FDA Denies Bid to Restrict Its Authority : Regulatory: A petition sought to stop approval of genetically engineered products. It was filed after the deaths of more than 24 people who took L-tryptophan.

The Food and Drug Administration on Friday denied a petition that sought to stop it from approving genetically engineered products.

The agency said there is no evidence the products endanger the public.

The Foundation on Economic Trends filed the petition in August, 1990, after more than 1,500 people became ill and more than two dozen died after taking L-tryptophan, an amino acid used as a remedy for insomnia, appetite control and depression.

The foundation cited studies that linked the deaths to the genetic engineering process used by Showa Denko K.K. of Japan, the company to which the L-tryptophan deaths and illnesses had been traced.

The FDA said the petition was “groundless.”

“The petition, if adopted, would have suspended all FDA action, including approval, on some three dozen drugs and biologics undergoing review for marketing approval and more than 900 clinical trials that are under way with FDA’s approval,” the agency said.

These products include vaccines, diagnostic tests for blood tests and therapeutics for arthritis, cancer, AIDS and heart disease, the FDA said.

Andrew Kimbrell, a foundation attorney, blasted the decision not to suspend approvals of genetically engineered products.

“L-tryptophan could be the Chernobyl of genetic engineering,” he said.

The FDA ordered L-tryptophan off the market in March, 1990, after it was implicated in deaths and illnesses caused by an unusual blood disorder called eosinophilia-myalgia syndrome.
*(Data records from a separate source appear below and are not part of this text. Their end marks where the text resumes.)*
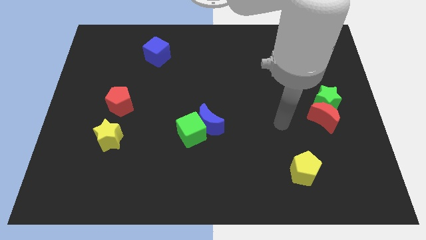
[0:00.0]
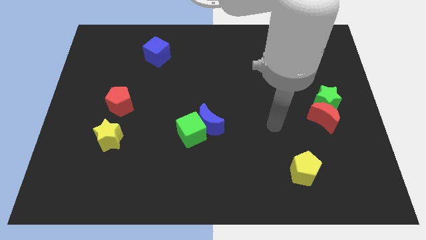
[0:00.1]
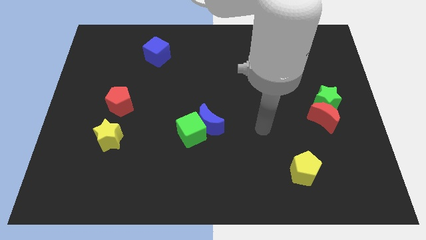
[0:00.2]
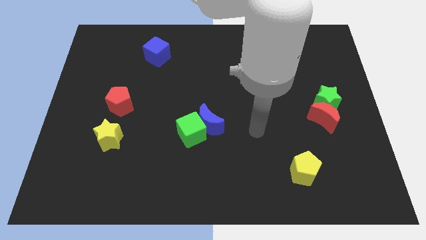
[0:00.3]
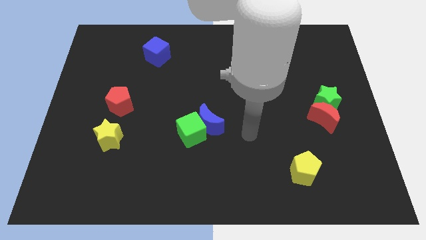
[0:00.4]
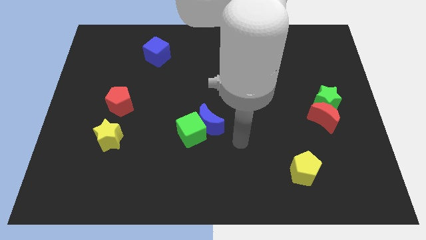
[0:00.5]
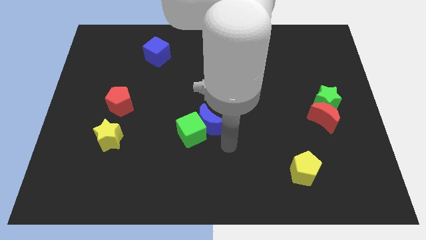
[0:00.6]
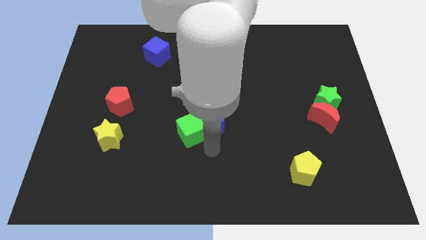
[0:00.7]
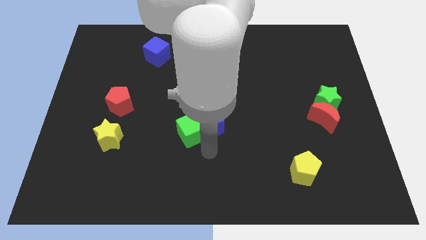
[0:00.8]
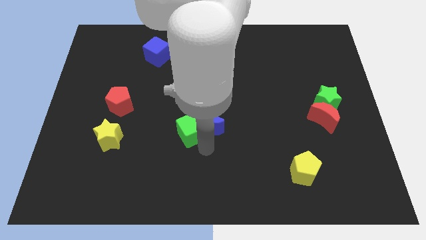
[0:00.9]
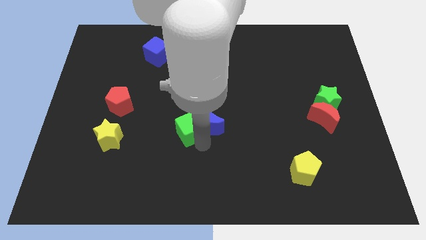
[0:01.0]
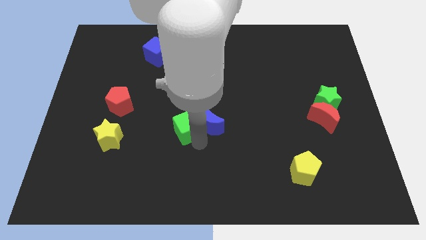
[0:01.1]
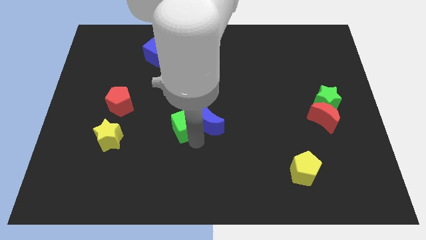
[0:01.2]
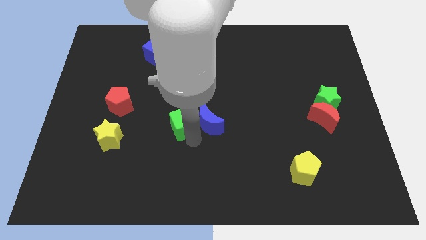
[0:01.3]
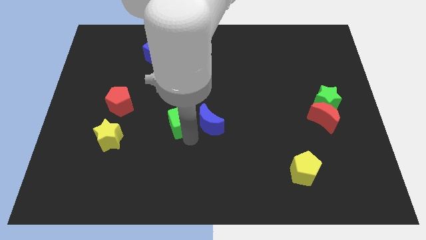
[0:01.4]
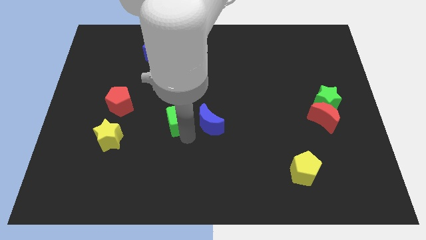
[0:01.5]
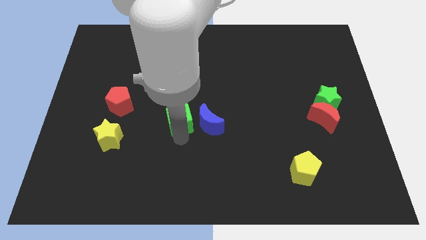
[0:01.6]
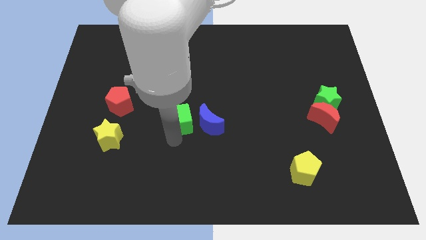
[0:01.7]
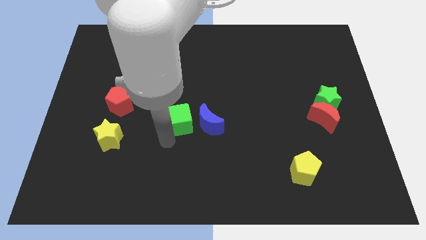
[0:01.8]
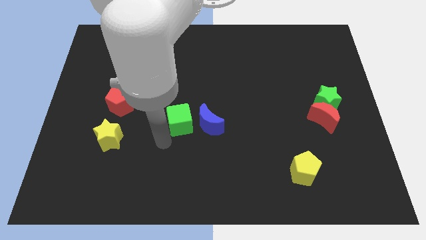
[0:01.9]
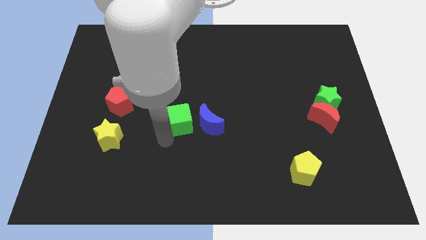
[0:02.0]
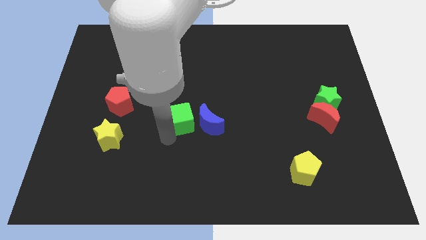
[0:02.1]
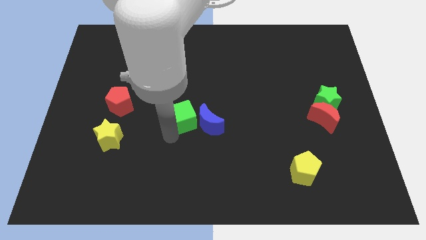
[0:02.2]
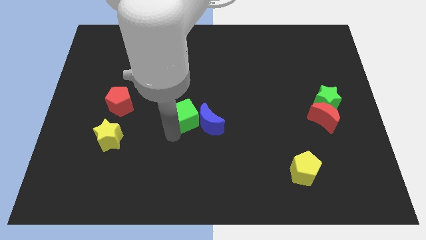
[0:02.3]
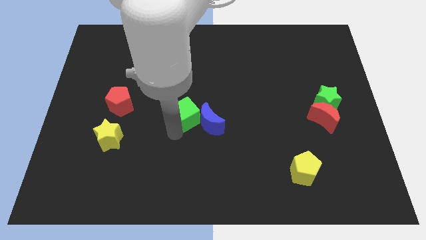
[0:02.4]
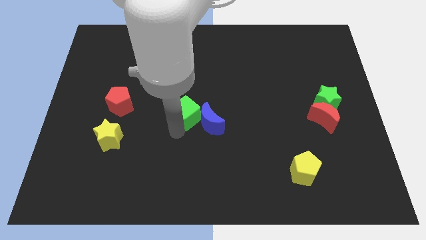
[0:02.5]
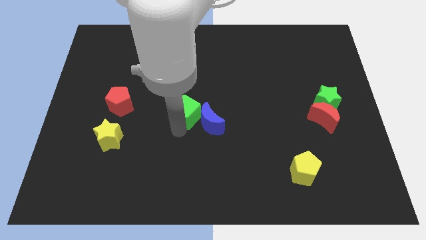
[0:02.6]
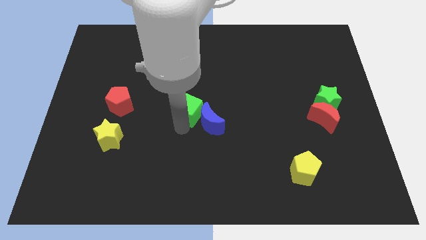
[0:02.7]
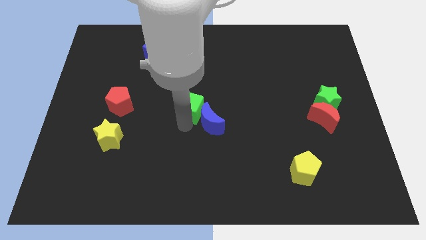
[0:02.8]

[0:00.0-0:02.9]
push the green cube to the top of the blue moon

“If it is true that L-tryptophan was made toxic through genetic engineering, then the FDA is being grossly irresponsible in not investigating genetic engineering processes and suspending approval of any new genetically engineered products until they have determined exactly what went wrong,” Kimbrell said.

Showa Denko used genetic engineering to manufacture L-tryptophan. Using gene-splicing techniques, it inserted a new gene into strains of a bacteria to enable the bacteria to produce the dietary supplement.

Around the time the company had introduced a new strain of bacteria in the production process, it also changed its purification process.

The FDA said it is not aware of evidence indicating that any of the suspect contaminants in Showa Denko-produced L-tryptophan was produced as a direct result of genetic engineering.